Assange: «Contro di me inchiesta illegale»

Redazione
17/12/2010

«È bello respirare l’aria fresca di Londra», è stata la prima dichiarazione di Julian Assange, fondatore di Wikileaks,  dopo la...

Assange: «Contro di me inchiesta illegale»

«È bello respirare l’aria fresca di Londra», è stata la prima dichiarazione di Julian Assange, fondatore di Wikileaks,  dopo la scarcerazione, nel tardo pomeriggio del 16 dicembre. «La giustizia non è ancora morta. Ringrazio tutti coloro che mi hanno sostenuto e difeso, continueremo nella nostra opera di diffusione e rivelazione».  
La Royal Court of Justice aveva approvato la libertà per Julian Assange, con una cauzione di circa 240 mila sterline. Il via libera è arrivato dal giudice britannico Ouseley, in attesa dell’udienza sull’estradizione dell’11 gennaio.
Un boato ha accolto le prime dichiarazioni del 39enne australiano fuori dal tribunale. Dopo aver ringraziato cittadini e media per il supporto, Assange ha però voluto dare subito risalto agli aspetti più inquietanti della vicenda. «Ci sono in ballo una serie di interessi, personali, politici e internazionali che alimentano questo processo», ha detto. Aggiungendo: «Le accuse in Svezia sono per depistare, per favorire la mia estradizione in Usa. Non ho paura della Svezia».

«L’inchiesta Usa è illegale; noi continueremo a pubblicare informazioni»

Il fondatore di Wikileaks, Julian Assange, ha detto di essere innocente ma vittima di una campagna di fango nei suoi confronti e preoccupato per la possibilità di una incriminazione negli Stati Uniti.
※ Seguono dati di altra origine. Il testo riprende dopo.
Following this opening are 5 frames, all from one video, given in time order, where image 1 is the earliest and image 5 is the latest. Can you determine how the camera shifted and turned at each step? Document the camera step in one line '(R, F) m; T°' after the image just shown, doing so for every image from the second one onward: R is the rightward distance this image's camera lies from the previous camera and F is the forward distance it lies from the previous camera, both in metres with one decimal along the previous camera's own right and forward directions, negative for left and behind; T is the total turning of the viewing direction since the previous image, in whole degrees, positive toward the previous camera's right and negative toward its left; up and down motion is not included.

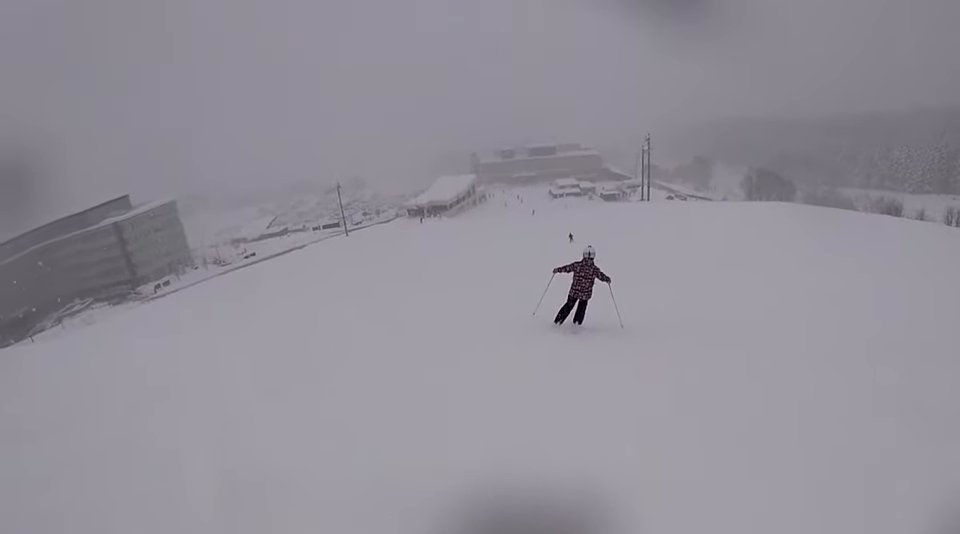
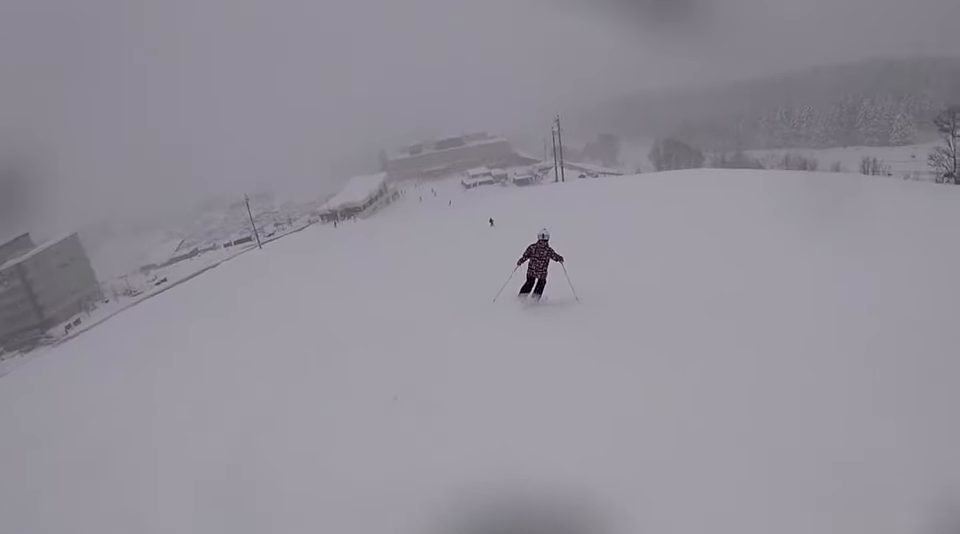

Assange ha incontrato i giornalisti parcheggiati sulla neve davanti a Ellingham Hall, la casa di campagna del suo protettore Vaughan Smith nel Suffolk.
Il capo di Wikileaks dovrà presentarsi ogni giorno al commissariato di Beccles e passerà il Natale a Ellingham House con Vaughan e la sua famiglia. Se le procedure di estradizione, come è probabile, si prolungheranno, la villa georgiana nel Suffolk potrà diventare a lungo la sua residenza.
Assange ha accusato gli Stati Uniti di condurre una inchiesta «aggressiva e illegale» contro di lui e ha detto che una sua estradizione negli Usa è «sempre più probabile». Il capo di Wikileaks ha dichiarato che «alcune istituzioni sono impegnate in un’inchiesta segreta che a quanto sembra è anche illegale» e che alcuni «hanno carriere da costruire andando dietro a un caso famoso». Assange, che ha rivelato di avere l’appoggio di un «importante studio legale di Washington e di colleghi in California», ha anche detto che Wikileaks è un’organizzazione robusta che continuerà a pubblicare informazioni. Alcune di queste informazioni riguarderanno banche.